Les médicaments anti-obésité ne fonctionnent pas pour tout le monde. Ceux qui en bénéficient doivent continuer à les prendre, écrivent Bessesen et Van Gaal, s'ils veulent garder leur poids. Toutes les études sur les médicaments anti-obésité ont montré que, lorsque le médicament est arrêté, «le poids augmente progressivement jusqu'au niveau observé avec les seuls changements de style de vie».

Jusqu'à présent, il n'y a pas de médicament Hail Mary contre l'obésité, rien ne change la donne, explique le Dr Eric Ravussin, rédacteur en chef de la revue Obesity et directeur exécutif adjoint pour les sciences cliniques au Pennington Biomedical Research Center de la Louisiana State University à Baton Rouge. Nous ne comprenons toujours pas complètement les mécanismes sous-jacents qui rendent si difficile de garder le poids perdu, dit-il. Lorsque la leptine, l'hormone coupe-faim a été découverte il y a 25 ans, les scientifiques espéraient qu'ils avaient trouvé le remède insaisissable contre l'obésité – jusqu'à ce qu'ils découvrent que de nombreuses personnes obèses sont résistantes à la leptine, et non déficientes.

Pourtant, Ravussin voit le traitement médical comme un moyen de renforcer les chances. Il est particulièrement impressionné par les médicaments qui agissent sur le GLP-1 et d’autres peptides en cours de développement.
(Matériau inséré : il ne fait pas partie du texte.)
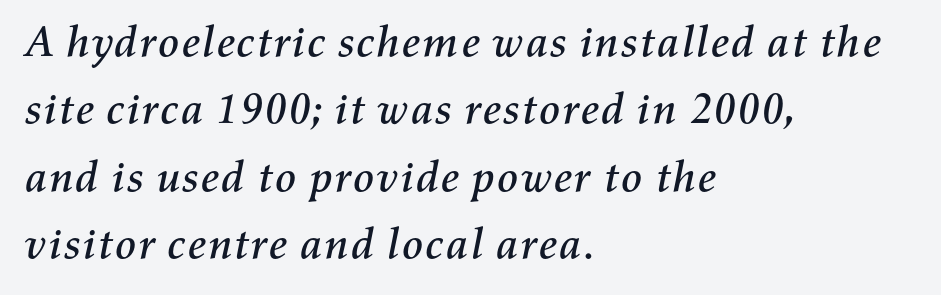
Q: Is the text italic (slanted)? A: Yes, it leans right by about 11 degrees.
Q: Is the text underlined? A: No.
Q: How is the paragraph aligned? A: Left-aligned.
Q: Is the spacing between letters normal or unusually wide? A: Normal.
Q: Is the spacing between lines tight, normal or loose? A: Normal.
Q: Width (condensed, normal, or wide)? A: Normal.
Q: Stroke contrast? A: Medium.
Q: x-height? A: Medium.
Q: Monospaced? A: No.
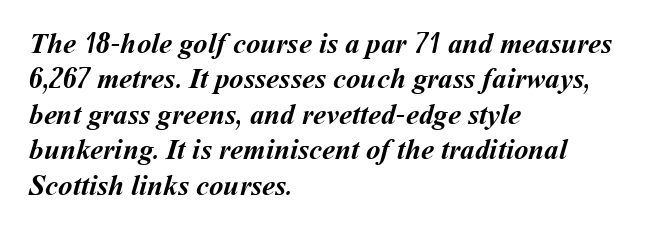
The image shows 29 px semibold type; set left-aligned, line spacing 1.22x, normal letter spacing, not underlined; medium stroke contrast and a medium x-height.
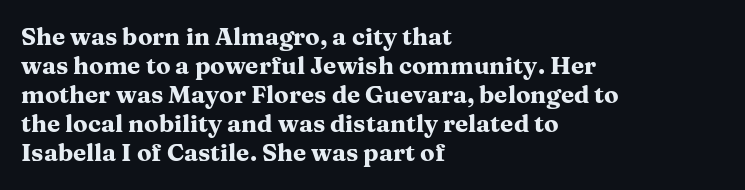
{"italic": "no", "bold": "yes", "underline": "no", "align": "left", "line_spacing_ratio": 1.21, "letter_spacing": "normal", "letter_spacing_em": 0.0, "glyph_px": 24}
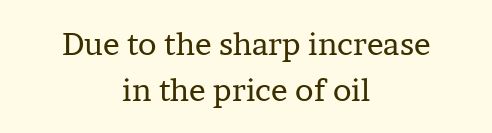
{"serif": "yes", "italic": "no", "bold": "no", "weight": "regular", "width": "normal", "stroke_contrast": "low", "x_height": "medium", "monospaced": "no", "underline": "no", "align": "center", "line_spacing": "normal", "line_spacing_ratio": 1.47, "letter_spacing": "normal", "letter_spacing_em": 0.0, "glyph_px": 31}
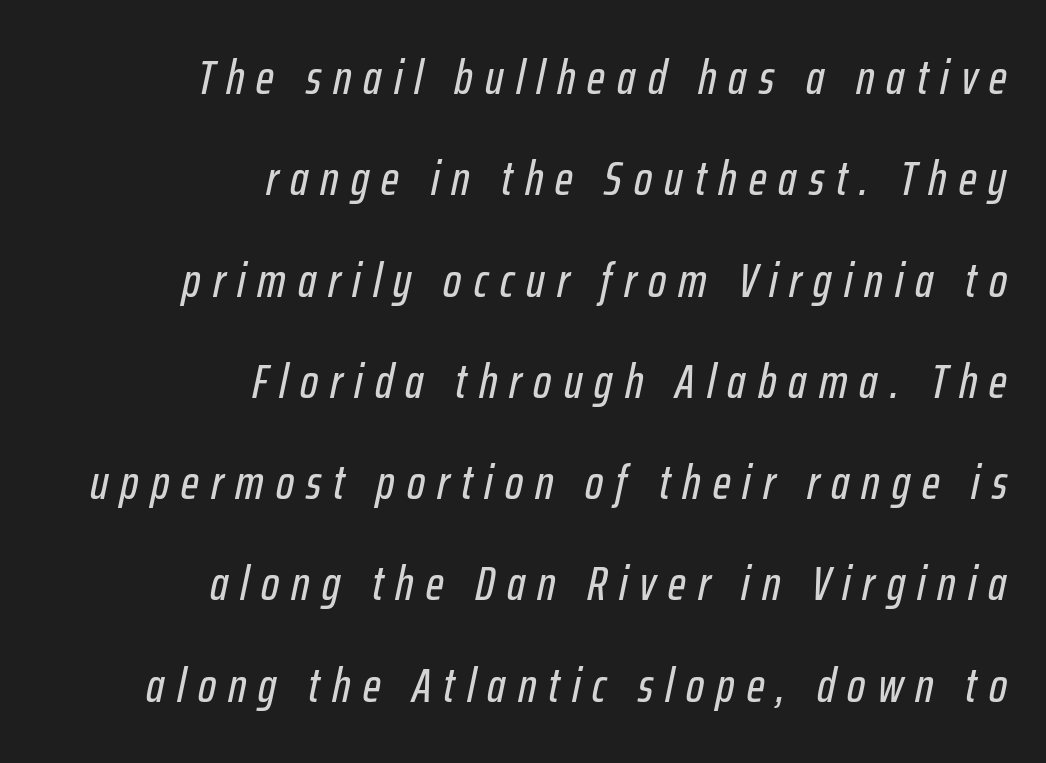
{"italic": "yes", "lean": "right", "slant_degrees": 12, "width": "condensed", "stroke_contrast": "low", "x_height": "medium", "monospaced": "no", "underline": "no", "align": "right", "line_spacing": "loose", "line_spacing_ratio": 2.11, "letter_spacing": "wide", "letter_spacing_em": 0.25, "glyph_px": 48}
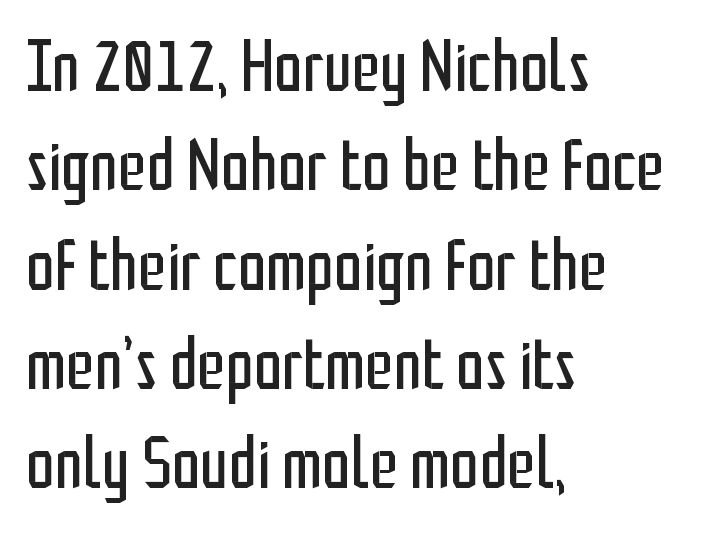
Rows of type keep a routine distance in the vertical direction. Is this a fixed-width face? No — the glyphs have proportional, varying widths. Posture: vertical. If you drew a ruler down the left edge, every line would touch it.
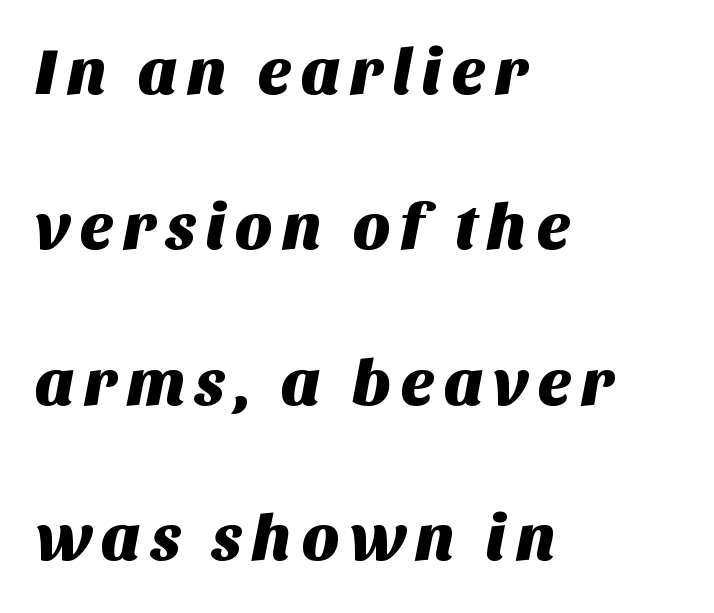
Q: Is the typeface a serif or a sans-serif typeface? A: Sans-serif.
Q: Is the text underlined? A: No.
Q: How is the paragraph aligned? A: Left-aligned.
Q: Is the spacing between lines tight, normal or loose? A: Loose.
Q: Width (condensed, normal, or wide)? A: Normal.
Q: Stroke contrast? A: Medium.
Q: x-height? A: Large.
Q: Monospaced? A: No.
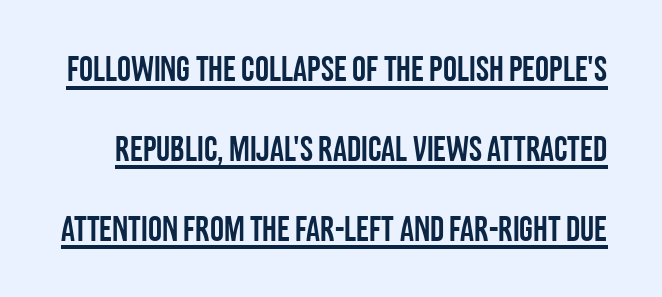
The image shows 35 px condensed sans-serif type, upright; set loose line spacing (2.28x), normal letter spacing, underlined; low stroke contrast and a large x-height.
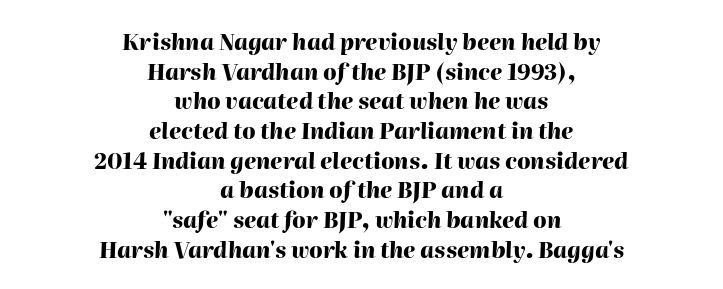
The image shows 22 px bold type, italic (leaning right); set centered, normal line spacing (1.35x), normal letter spacing, not underlined.
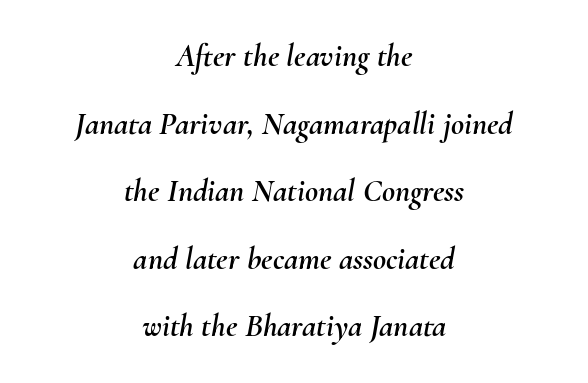
Q: Is the text italic (slanted)? A: Yes, it leans right by about 10 degrees.
Q: Is the text underlined? A: No.
Q: How is the paragraph aligned? A: Centered.
Q: Is the spacing between letters normal or unusually wide? A: Normal.
Q: Is the spacing between lines tight, normal or loose? A: Loose.
Q: Width (condensed, normal, or wide)? A: Normal.
Q: Stroke contrast? A: Medium.
Q: x-height? A: Small.
Q: Monospaced? A: No.
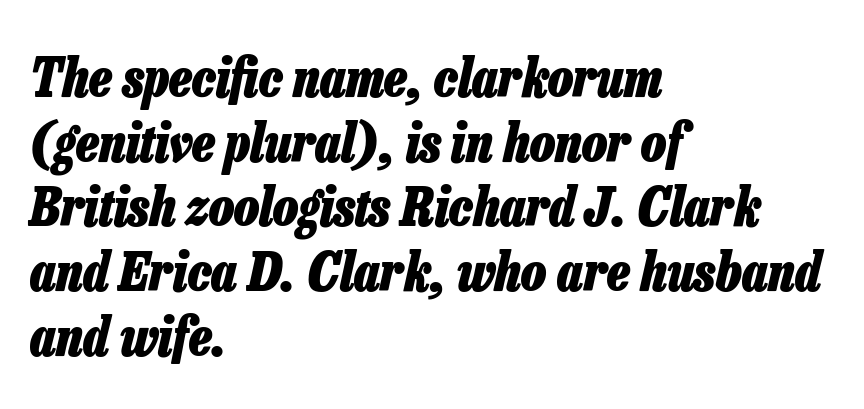
{"italic": "yes", "lean": "right", "slant_degrees": 13, "bold": "yes", "weight": "heavy", "width": "condensed", "stroke_contrast": "low", "x_height": "medium", "monospaced": "no", "underline": "no", "align": "left", "line_spacing_ratio": 1.22, "letter_spacing": "normal", "letter_spacing_em": 0.0, "glyph_px": 53}

«Quelle que soit la situation, l'obésité nuit à la santé – fonctionnalité, santé mentale et santé métabolique», dit-il. Oui, l'histoire des traitements médicaux, les premières tentatives de pilules anti-obésité «ont été un peu un accident de train», dit-il.

Mais «les médicaments seront importants pour la gestion de l'obésité et, je pense, surtout pour le maintien de la perte de poids».

«Avec l'acceptation actuelle des injectables (peptides), nous aurons plus de succès et probablement moins d'effets secondaires.»